City Councilman Dale Francisco, who also sits on the ordinance committee, said he is in favor of the proposal.
“We get a lot of complaints about this,” he said, adding that he’s been told that Santa Barbara is home to about 450 RV dwellings. “It’s a nightmare situation for people who live near those areas. … It’s definitely out of control when you’ve got 15 or 20 RVs all parked essentially together.”
Meanwhile, on the topic of panhandling, officials from the city government and nonprofit agencies say the practice is a $600,000 industry in Santa Barbara, meaning that all local panhandlers combined pocket about that much money in a typical year.

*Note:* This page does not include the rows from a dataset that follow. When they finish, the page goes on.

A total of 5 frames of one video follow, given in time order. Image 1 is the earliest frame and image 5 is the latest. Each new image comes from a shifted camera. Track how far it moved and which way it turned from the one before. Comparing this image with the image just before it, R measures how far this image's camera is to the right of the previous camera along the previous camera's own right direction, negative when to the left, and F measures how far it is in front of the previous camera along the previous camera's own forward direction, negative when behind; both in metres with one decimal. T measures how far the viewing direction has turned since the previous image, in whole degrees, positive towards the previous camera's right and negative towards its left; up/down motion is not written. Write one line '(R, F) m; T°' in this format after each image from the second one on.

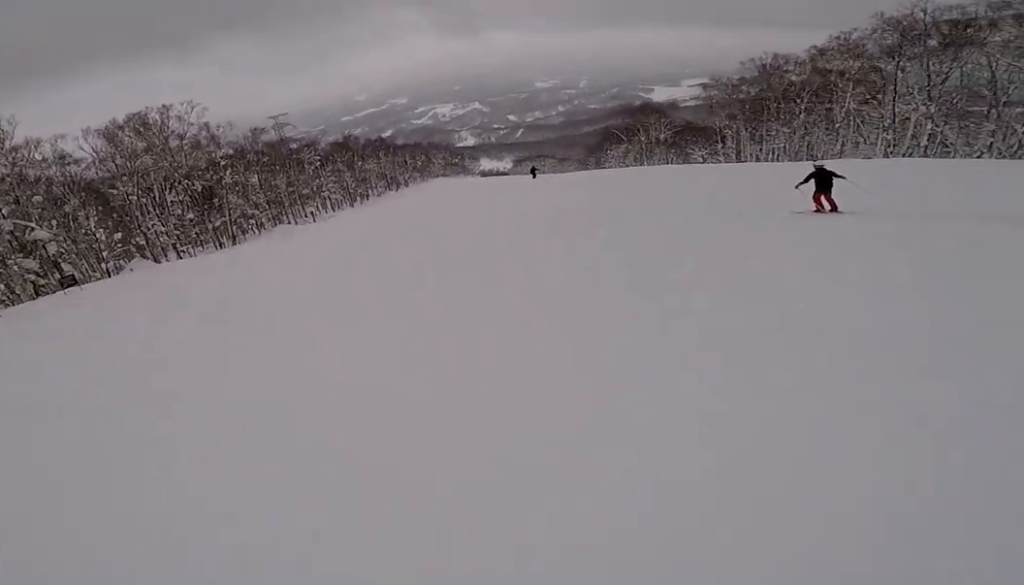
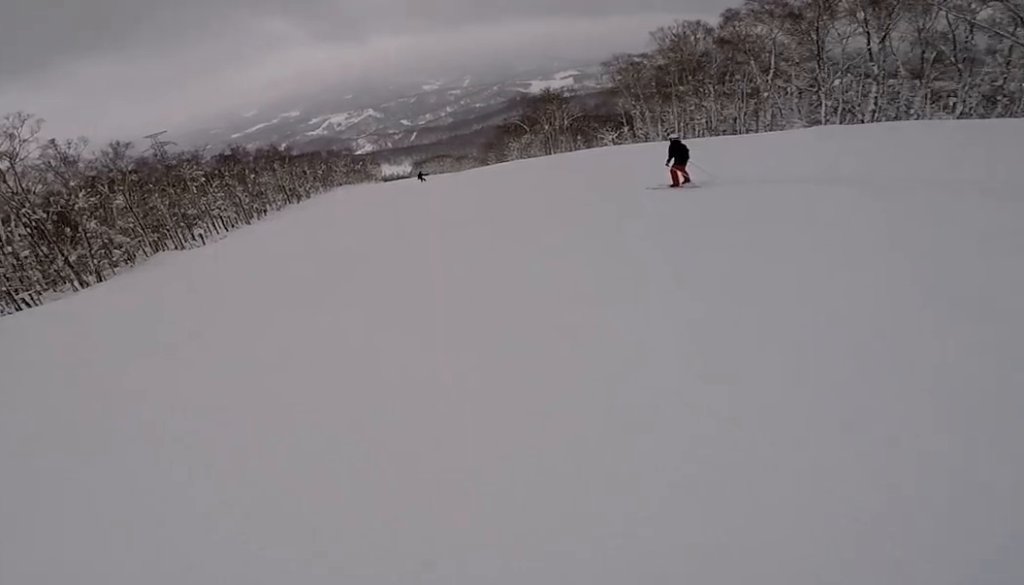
(+1.1, +9.0) m; +11°
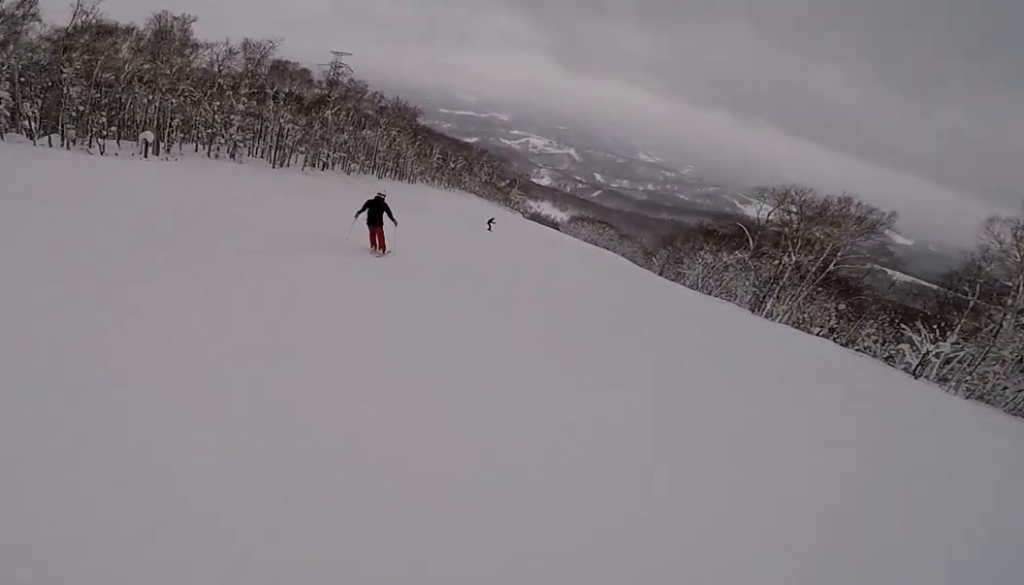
(+1.5, +41.3) m; -20°
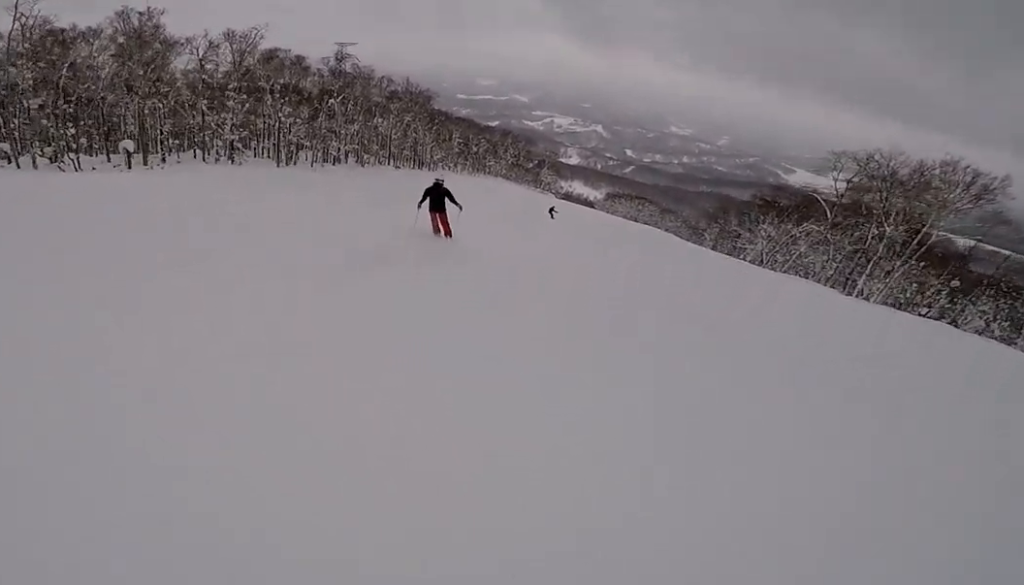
(+0.1, +6.0) m; -9°
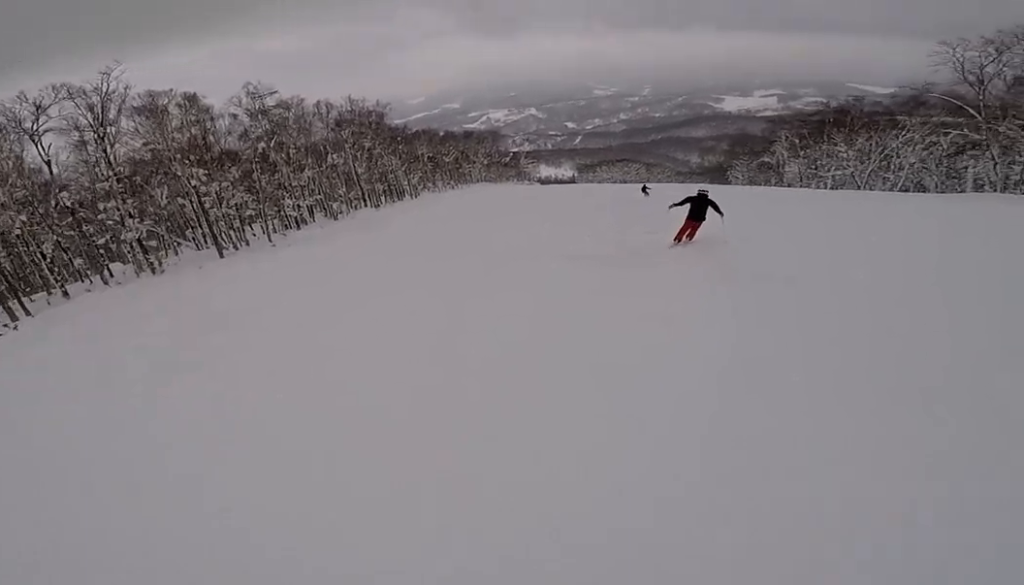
(-0.8, +19.9) m; +13°

“When a town gives $600,000 to people who ask for it, you’re going to have people ask for it,” Mike Foley, executive director of the Casa Esperanza homeless shelter, said last week at a city planning commission meeting. “It’s against the law to tell people not to panhandle. But it’s not against the law to tell people it’s assisted suicide to give people money when you know those people are going to use that money to go buy drugs and alcohol.”

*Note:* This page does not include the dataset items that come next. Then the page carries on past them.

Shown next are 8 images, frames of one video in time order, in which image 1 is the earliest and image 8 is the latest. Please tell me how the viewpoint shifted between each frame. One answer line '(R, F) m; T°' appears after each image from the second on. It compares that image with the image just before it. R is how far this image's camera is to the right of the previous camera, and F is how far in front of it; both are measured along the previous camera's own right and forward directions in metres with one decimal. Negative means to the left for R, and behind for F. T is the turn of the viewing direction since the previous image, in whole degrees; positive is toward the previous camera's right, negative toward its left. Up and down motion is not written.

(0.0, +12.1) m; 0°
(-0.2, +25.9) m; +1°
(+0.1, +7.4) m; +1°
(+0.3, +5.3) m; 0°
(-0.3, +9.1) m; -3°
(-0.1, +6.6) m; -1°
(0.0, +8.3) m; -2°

On Thursday, the Subcommittee of Homelessness and Community Relations is expected to discuss the idea of producing vouchers for people to purchase for panhandlers. But City Councilwoman Helene Schneider, who sits on the subcommittee, said such a program would need buy-in from local businesses.
Schneider said the subcommittee will discuss other matters besides the voucher program, which is sometimes referred to as “Compassion Not Cash.”
For instance, some merchants want to see a bigger police presence downtown. Others are less concerned about the older panhandlers, who tend to beg quietly, and more concerned about the in-your-face younger panhandlers.
“We don’t know if they are homeless or not,” Schneider said of the more youthful street people. “But they are more aggressive.”
As for “Compassion Not Cash,” Santa Barbara Chamber of Commerce Executive Director Steve Cushman said he is skeptical. Cushman said the chamber tried to implement the same plan during the recession of the early 1990s, and it never caught on.
“The public didn’t accept it,” he said. “That’s the big thing: You gotta have people who go buy them, and give them out.”
Cushman said he remembers State Street being considerably worse for panhandling during that recession. But he added: “Now, we’ve got a pretty serious recession going on, so we’ll see what happens.”
On Monday afternoon, one soft-spoken State Street panhandler named John — a 58-year-old who said he spent 25 years as a hog farmer in Idaho until he lost his health seven years ago — said he would prefer cash to vouchers.
“It’s a good concept, but I’d rather have the cash, ‘cause I drink, too,” he said.